Did you bet the farm on Amazon's cloud? Time to wean yourself off
Dual-provider strategies are the future
Comment Oracle is making hay over last weekend's mega six-hour Amazon Web Services (AWS) cloud outage. "You get what you pay for," tweeted Oracle's Phil Dunn, with the caveat that all views are his and don't necessarily reflect those of Oracle. But you get the point.
Yes, Amazon's been left with egg on its face and rivals will be exploiting the giant's stumble. There's oeuf, too, on the plate of some of the web's most hallowed – in Wall St and Silicon Valley circles at least – names.
Netflix, Tinder, Airbnb, and IMDb were all down or sputtering.
If anybody is venerated it's Netflix, arguably AWS's most high-profile customer – a reference customer, no less, served up on the AWS site as an example of just how far you can go if you stake absolutely everything on AWS.
Without AWS, it's doubtful Netflix would exist as we know it. Netflix would have had to continue investing in its own data center build program and the rocket scientist brains to build the elastic magic. If it had, perhaps Netflix would now be Amazon, selling its spare capacity and expertise to others. Instead, it outsourced it to Amazon.
In another time, people would have cautioned strongly against relying on a single supplier for your critical IT needs.

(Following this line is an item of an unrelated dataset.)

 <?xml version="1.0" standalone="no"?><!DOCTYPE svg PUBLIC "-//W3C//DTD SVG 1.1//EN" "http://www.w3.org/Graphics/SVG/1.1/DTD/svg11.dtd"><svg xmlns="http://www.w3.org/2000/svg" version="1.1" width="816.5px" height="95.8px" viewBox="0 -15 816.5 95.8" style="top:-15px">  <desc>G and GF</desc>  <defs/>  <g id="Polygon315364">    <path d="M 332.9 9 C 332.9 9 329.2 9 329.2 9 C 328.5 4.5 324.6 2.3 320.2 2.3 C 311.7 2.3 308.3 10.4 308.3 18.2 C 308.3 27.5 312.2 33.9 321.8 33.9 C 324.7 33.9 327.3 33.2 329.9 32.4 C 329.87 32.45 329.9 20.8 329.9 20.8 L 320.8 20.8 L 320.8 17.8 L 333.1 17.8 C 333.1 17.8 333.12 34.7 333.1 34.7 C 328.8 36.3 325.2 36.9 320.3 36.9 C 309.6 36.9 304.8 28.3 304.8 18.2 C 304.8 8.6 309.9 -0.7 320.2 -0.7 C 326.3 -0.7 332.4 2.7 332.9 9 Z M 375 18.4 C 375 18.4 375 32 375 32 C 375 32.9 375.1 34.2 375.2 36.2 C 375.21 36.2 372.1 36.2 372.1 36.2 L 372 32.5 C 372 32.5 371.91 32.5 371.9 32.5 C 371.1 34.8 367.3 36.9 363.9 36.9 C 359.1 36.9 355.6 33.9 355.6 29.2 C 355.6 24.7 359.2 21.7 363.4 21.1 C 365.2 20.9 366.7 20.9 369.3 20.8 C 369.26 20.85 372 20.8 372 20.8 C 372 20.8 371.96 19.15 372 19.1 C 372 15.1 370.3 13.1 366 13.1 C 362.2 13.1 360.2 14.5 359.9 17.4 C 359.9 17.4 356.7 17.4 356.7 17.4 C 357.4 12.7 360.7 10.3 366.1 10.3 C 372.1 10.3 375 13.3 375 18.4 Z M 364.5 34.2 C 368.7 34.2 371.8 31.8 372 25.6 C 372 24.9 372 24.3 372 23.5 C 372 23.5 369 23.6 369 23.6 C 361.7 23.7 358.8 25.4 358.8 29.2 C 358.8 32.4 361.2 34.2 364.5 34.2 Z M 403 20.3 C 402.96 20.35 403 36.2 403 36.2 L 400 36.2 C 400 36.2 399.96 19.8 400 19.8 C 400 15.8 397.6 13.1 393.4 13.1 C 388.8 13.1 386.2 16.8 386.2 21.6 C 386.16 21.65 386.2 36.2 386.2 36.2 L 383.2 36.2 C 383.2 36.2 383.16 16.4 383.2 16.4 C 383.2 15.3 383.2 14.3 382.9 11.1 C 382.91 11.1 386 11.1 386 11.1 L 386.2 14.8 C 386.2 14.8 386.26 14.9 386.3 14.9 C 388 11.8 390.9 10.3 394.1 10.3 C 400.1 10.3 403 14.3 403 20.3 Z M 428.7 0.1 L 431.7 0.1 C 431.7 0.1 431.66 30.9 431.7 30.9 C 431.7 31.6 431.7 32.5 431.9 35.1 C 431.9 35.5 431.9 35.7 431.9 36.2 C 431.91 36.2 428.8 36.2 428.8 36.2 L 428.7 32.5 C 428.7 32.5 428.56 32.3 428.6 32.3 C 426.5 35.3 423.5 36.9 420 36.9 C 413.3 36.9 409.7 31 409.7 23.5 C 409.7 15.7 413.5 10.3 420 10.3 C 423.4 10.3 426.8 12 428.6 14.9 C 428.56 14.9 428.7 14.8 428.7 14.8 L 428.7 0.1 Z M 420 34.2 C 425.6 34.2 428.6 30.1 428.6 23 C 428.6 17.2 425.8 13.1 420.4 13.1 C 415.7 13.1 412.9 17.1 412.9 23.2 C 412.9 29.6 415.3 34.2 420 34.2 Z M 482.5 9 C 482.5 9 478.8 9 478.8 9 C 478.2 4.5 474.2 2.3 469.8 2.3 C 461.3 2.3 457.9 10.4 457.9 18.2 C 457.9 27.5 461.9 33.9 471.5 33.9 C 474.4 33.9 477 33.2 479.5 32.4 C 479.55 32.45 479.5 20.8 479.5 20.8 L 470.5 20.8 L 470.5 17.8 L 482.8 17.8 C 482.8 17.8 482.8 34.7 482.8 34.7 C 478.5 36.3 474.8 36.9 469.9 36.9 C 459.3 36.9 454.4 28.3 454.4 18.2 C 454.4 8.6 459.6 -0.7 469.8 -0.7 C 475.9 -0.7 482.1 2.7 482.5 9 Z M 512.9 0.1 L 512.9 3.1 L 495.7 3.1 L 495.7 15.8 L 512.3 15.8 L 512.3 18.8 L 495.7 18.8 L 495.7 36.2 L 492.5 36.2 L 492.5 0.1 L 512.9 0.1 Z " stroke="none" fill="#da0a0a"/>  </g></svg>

On the web, that's thrown out the window.
But doesn't Netflix learn? It moved to AWS following a staggering outage at its own data center in 2008 and when faced with the prospect of huge growth in its business. Netflix decided it was best to place its faith in the pros. And yet Netflix still went down with AWS in a big way in April 2011. Now Netflix is reported to be closing its last own-operated data center in favor of AWS.
But hang on. Amazon isn't the only one who should hang its head in shame, here. Actually there's plenty of egg for other faces in this game – Microsoft with Azure and Office 365, Salesforce, Google – all down over the last few years for periods ranging from a few hours to entire days. To them it's nothing – a mere statistical rounding error in their pledge to maintain 99.999 per cent uptime. But to those on the sharp end, it's lost business.
Netflix garners incredulous headlines just because couch potatoes must do the unthinkable and change channels or go outside. But to the broader mass, to thousands of businesses, it means literally not being able to do business: no ERP to manage production or suppliers, no CRM to run sales or talk to customers, no email to talk to colleagues. Your only option is to twiddle your thumbs between hitting refresh on the status page. That statistical rounding error suddenly looks big when you're up close to it.
Customers have been handing this infrastructure over to providers of public clouds, having convinced themselves they are the companies who know best. Uptime and servers is what they do, so they can run this stuff better than you.
Which makes it more confounding when the experts manage to screw up planned maintenance.
Or, as in the case of AWS at the weekend, Amazon failed to read the growing evidence of the popularity of its DynamoDB NoSQL database service. Demand for Global Secondary Indexes put too much of a strain on the metadata servers, forcing systems to stall. Worse, Amazon hadn't anticipated this could be a problem, so its monitoring service wasn't set up properly to fully observe this as a failure.